Monday, October 23, 2017

Intro to Sexual Harassment


October 21, 2017

I’ve been thinking that people send their kids to classes to learn manners; so maybe someone could teach a class on how to avoid the introductory forms of sexual harassment: The arm around the shoulders with the hand that rests on the breast; the full-body hug, or any hug at all; the hand on the thigh, or the constant shoulder-touching…I say “introductory”, because they’re sort of tests that the harasser uses to see how far he/she can get. This post doesn’t cover hard-core harassment.

If somebody is acting inappropriately, you may not feel like making a big production out of it, on the grounds that the person may just have boundary issues. But whether it’s definite sexual harassment or it’s your Aunt Minnie trying to give you one of her infamous smooches, if it makes you uncomfortable, you don’t have to take it.
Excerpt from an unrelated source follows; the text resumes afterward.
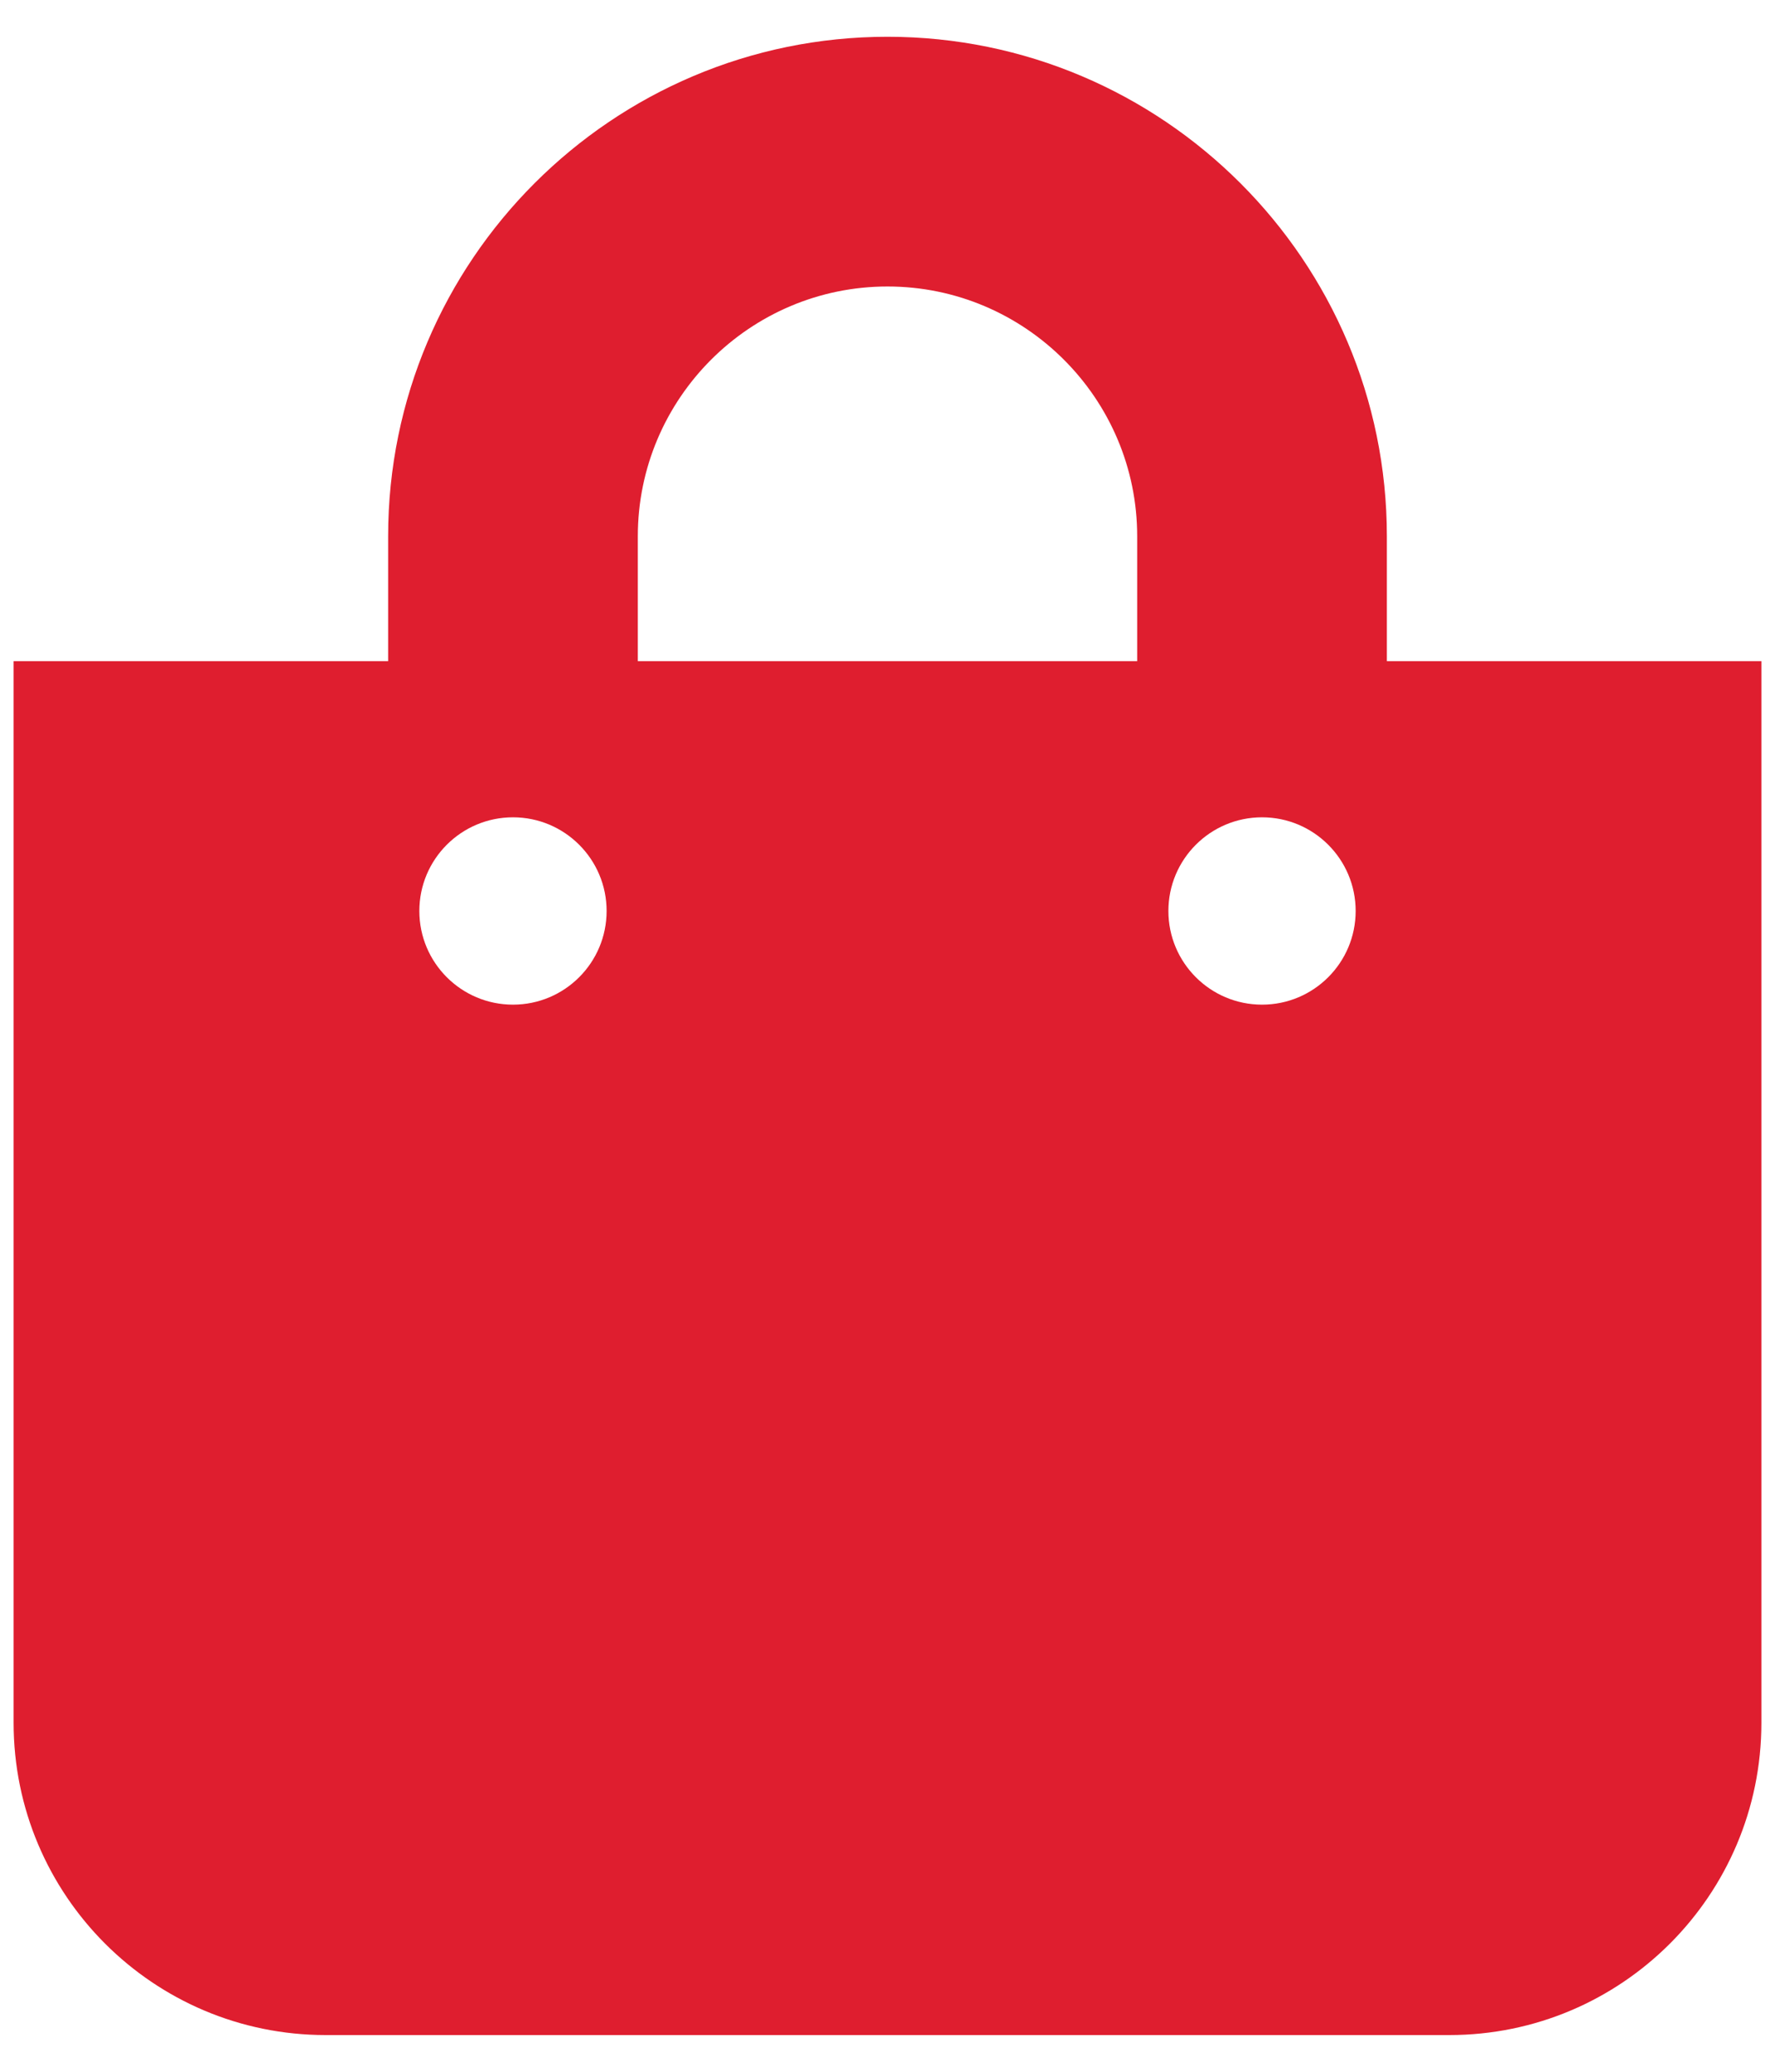 <?xml version="1.0" encoding="UTF-8"?> <svg xmlns="http://www.w3.org/2000/svg" width="24" height="28" viewBox="0 0 24 28" fill="none"> <path d="M18.752 8.936V7.248C18.752 3.525 15.723 0.497 12 0.497C8.277 0.497 5.248 3.525 5.248 7.248V8.936H0.184V23.284C0.184 25.614 2.074 27.504 4.404 27.504H19.596C21.926 27.504 23.816 25.614 23.816 23.284V8.936H18.752ZM8.624 7.248C8.624 5.387 10.139 3.872 12 3.872C13.861 3.872 15.376 5.387 15.376 7.248V8.936H8.624V7.248ZM17.064 13.578C16.365 13.578 15.798 13.011 15.798 12.312C15.798 11.613 16.365 11.046 17.064 11.046C17.763 11.046 18.33 11.613 18.33 12.312C18.33 13.011 17.763 13.578 17.064 13.578ZM6.936 13.578C6.237 13.578 5.67 13.011 5.67 12.312C5.67 11.613 6.237 11.046 6.936 11.046C7.635 11.046 8.202 11.613 8.202 12.312C8.202 13.011 7.635 13.578 6.936 13.578Z" fill="#DF1E2F"></path> </svg>

You move away from the arm; you can also stumble, ever so slightly, and apply a foot to an instep or connect with an ankle as you move away; or possibly (if you can get the angle right) spill a drink on the boundary-challenged person (especially the one whose hand was on your breast or your rear). You straighten your arms against the impending hug, keeping the person at a distance. You can use your elbows to create a space around yourself, discouraging people from getting too close in the first place. If you do have to remove a hand from your thigh, it is permissible to apply pressure to the sensitive place between the thumb and the palm, or to the wrist. In fact, I highly recommend it.

And if you’re sure of your ground, and don’t feel like being subtle, well, I’m on board with that.